───── Dataset entries

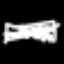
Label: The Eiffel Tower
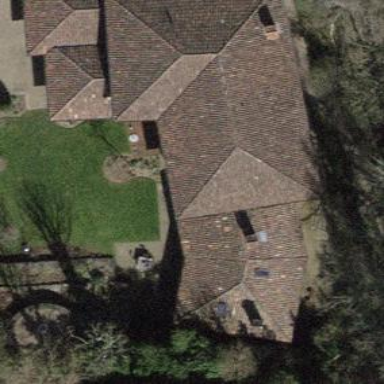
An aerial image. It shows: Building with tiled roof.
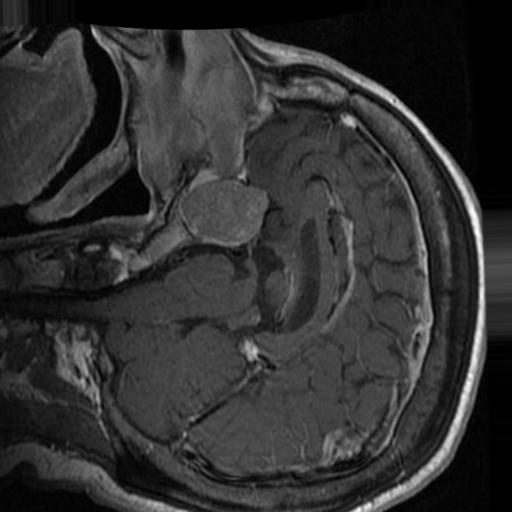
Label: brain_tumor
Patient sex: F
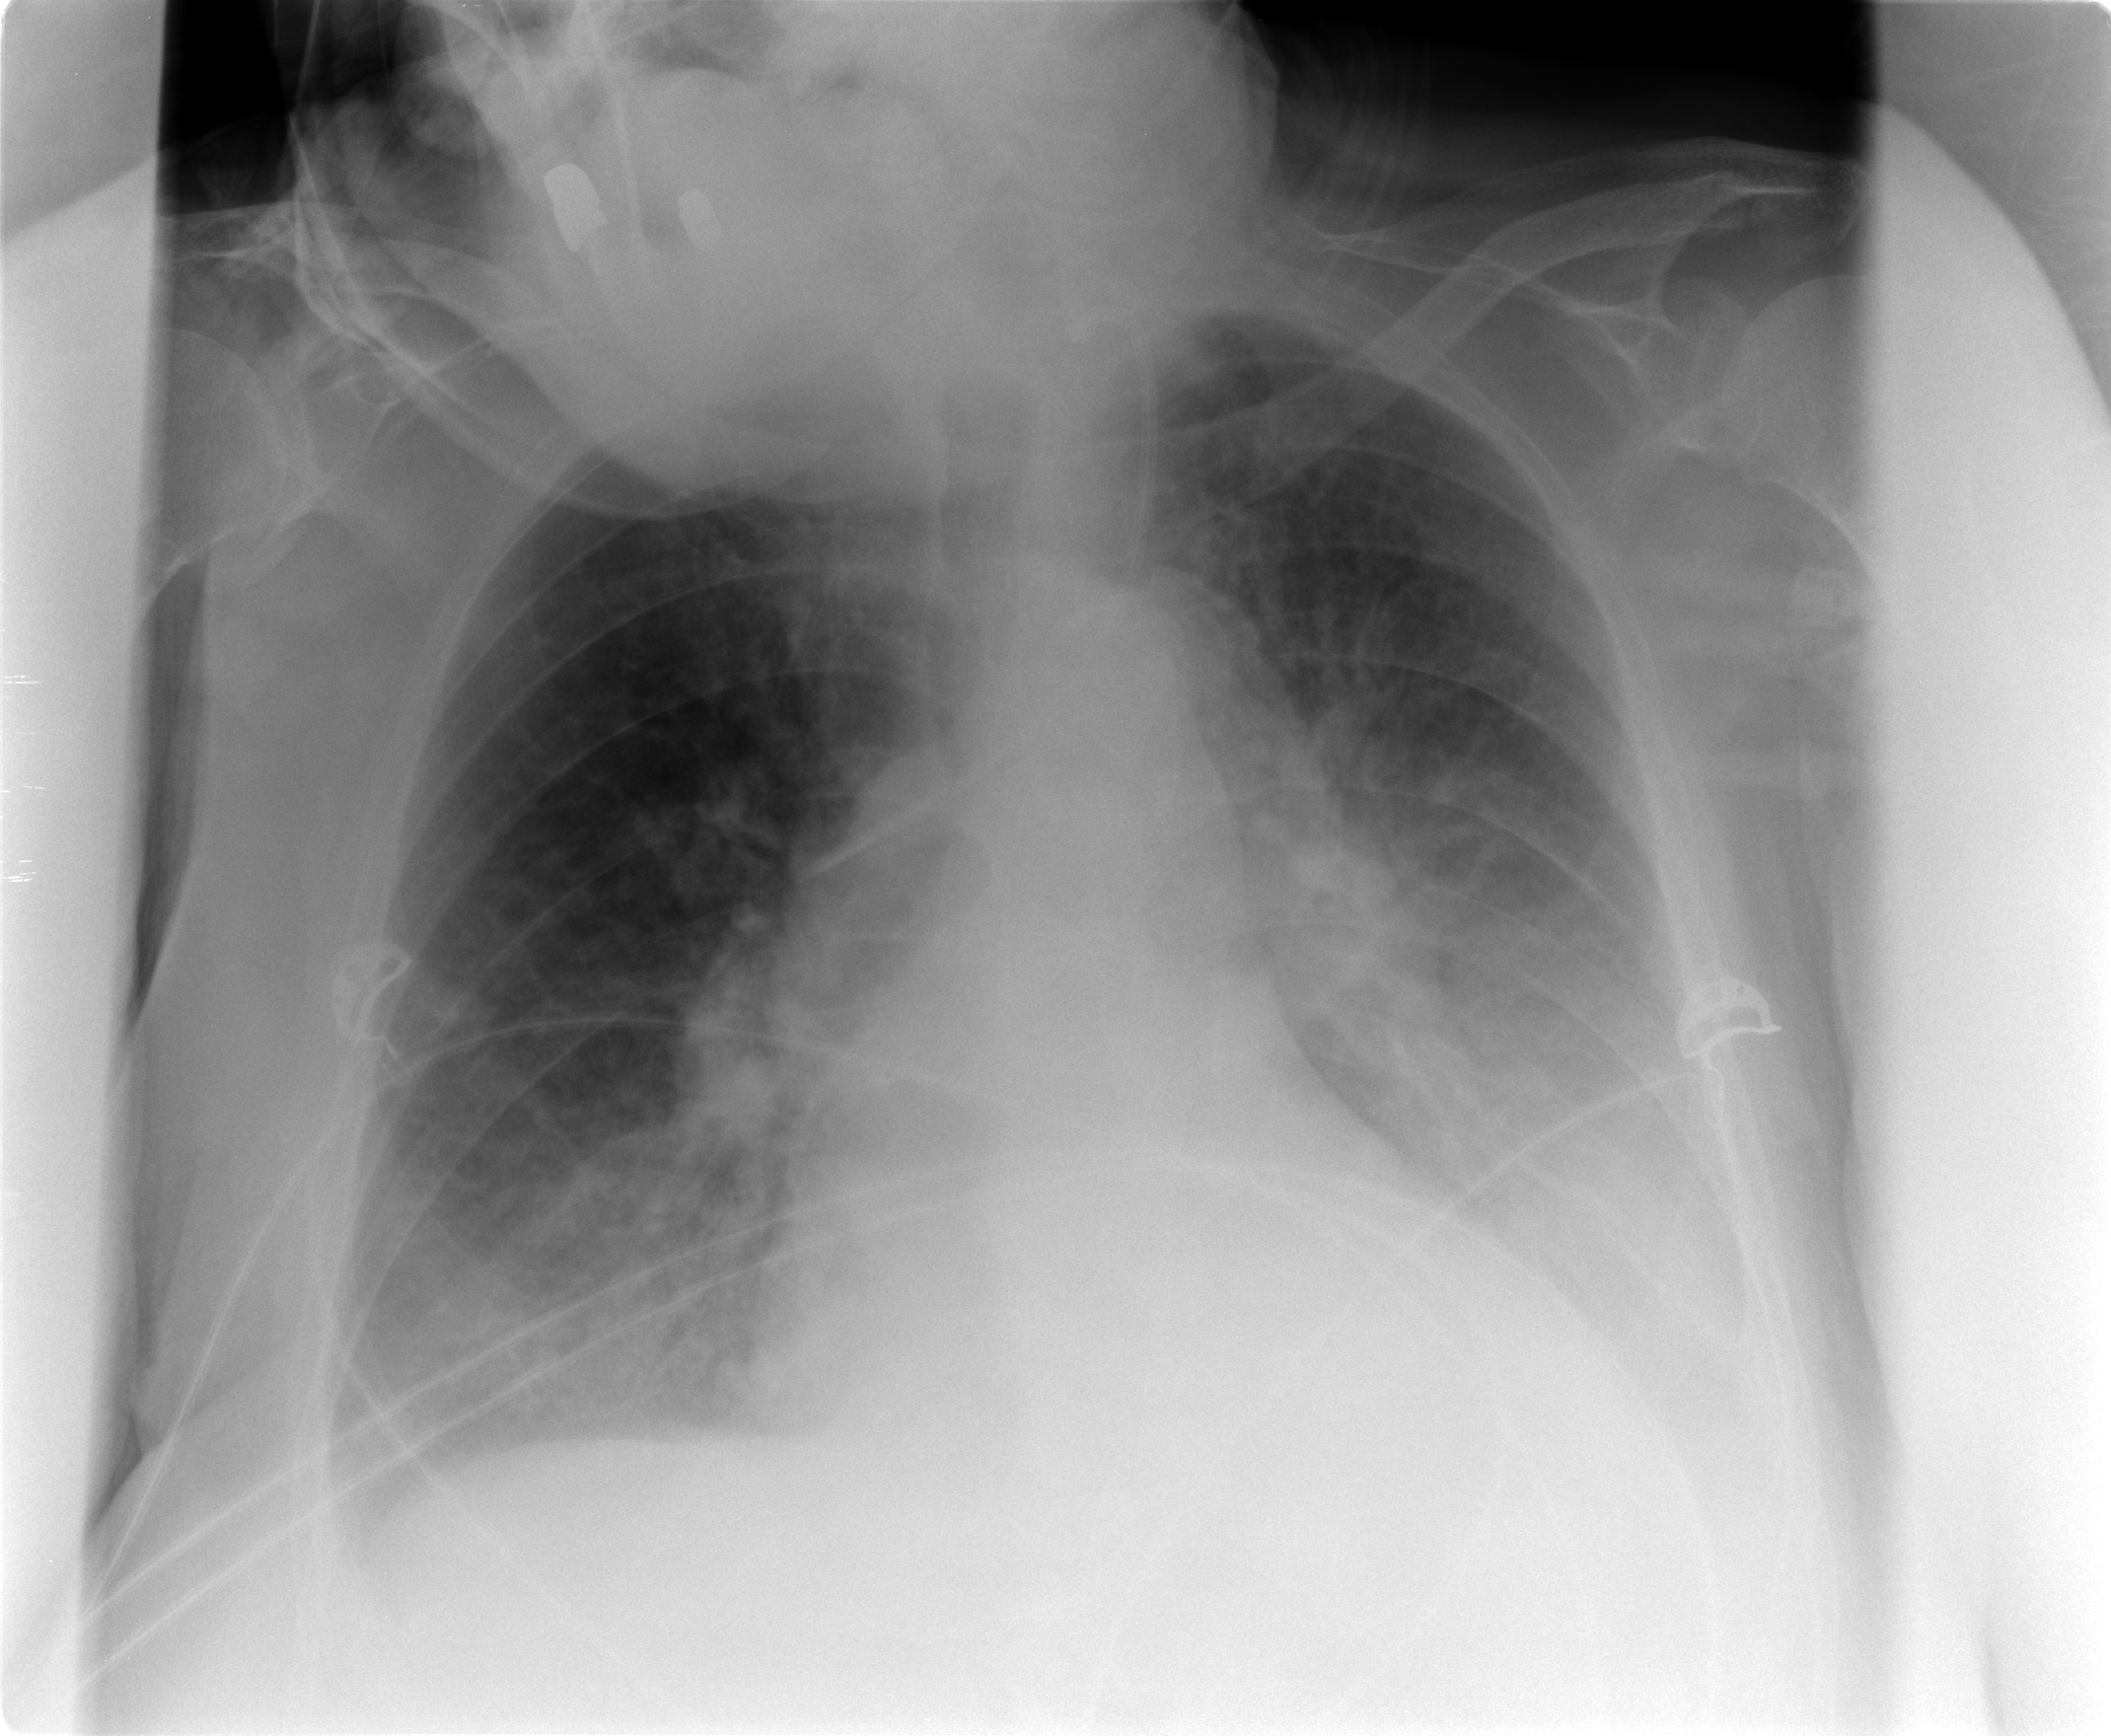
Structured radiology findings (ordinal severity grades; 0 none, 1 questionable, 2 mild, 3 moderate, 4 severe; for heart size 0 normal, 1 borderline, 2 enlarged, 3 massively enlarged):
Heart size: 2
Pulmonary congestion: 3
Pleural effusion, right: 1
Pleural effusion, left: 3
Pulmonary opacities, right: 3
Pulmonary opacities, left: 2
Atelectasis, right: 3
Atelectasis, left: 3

──────────
───── Dataset entries

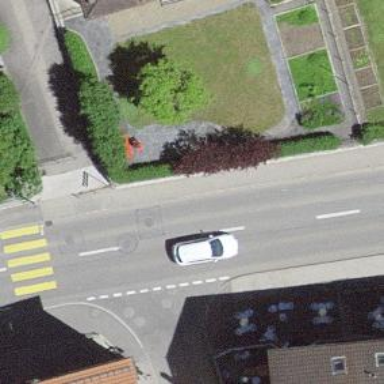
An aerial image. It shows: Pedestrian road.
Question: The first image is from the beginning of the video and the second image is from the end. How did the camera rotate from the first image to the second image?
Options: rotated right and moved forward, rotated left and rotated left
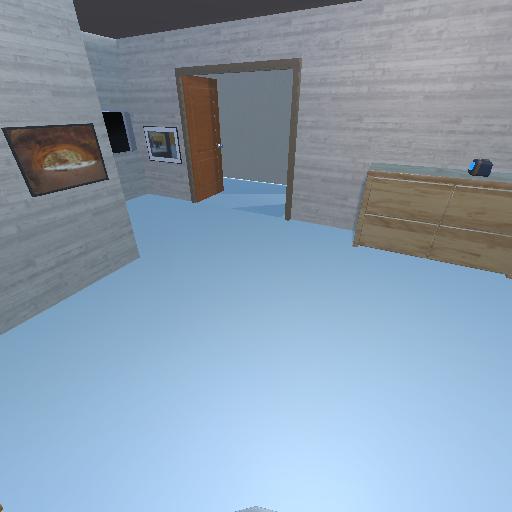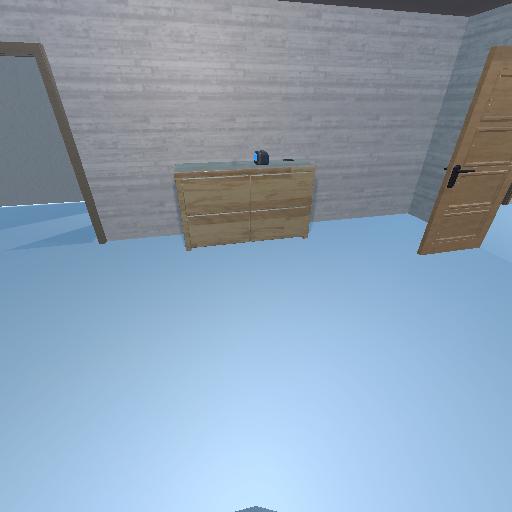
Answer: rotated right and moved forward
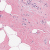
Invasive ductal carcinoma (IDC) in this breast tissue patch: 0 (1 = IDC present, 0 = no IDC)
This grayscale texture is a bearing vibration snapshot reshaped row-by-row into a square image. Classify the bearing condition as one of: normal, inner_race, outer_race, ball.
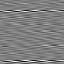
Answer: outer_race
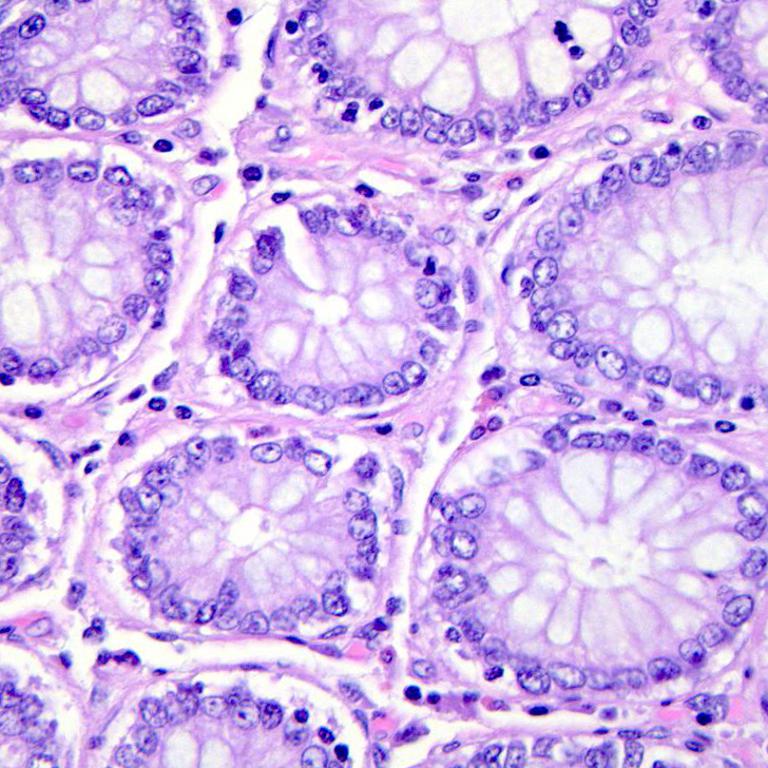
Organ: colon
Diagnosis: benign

──────────

* To do *
For the lines above, output exactly those from the line containing "Pleural effusion, right: 1" through the line containing "Atelectasis, left: 3", and skip the others.

* Response below *
Pleural effusion, right: 1
Pleural effusion, left: 3
Pulmonary opacities, right: 3
Pulmonary opacities, left: 2
Atelectasis, right: 3
Atelectasis, left: 3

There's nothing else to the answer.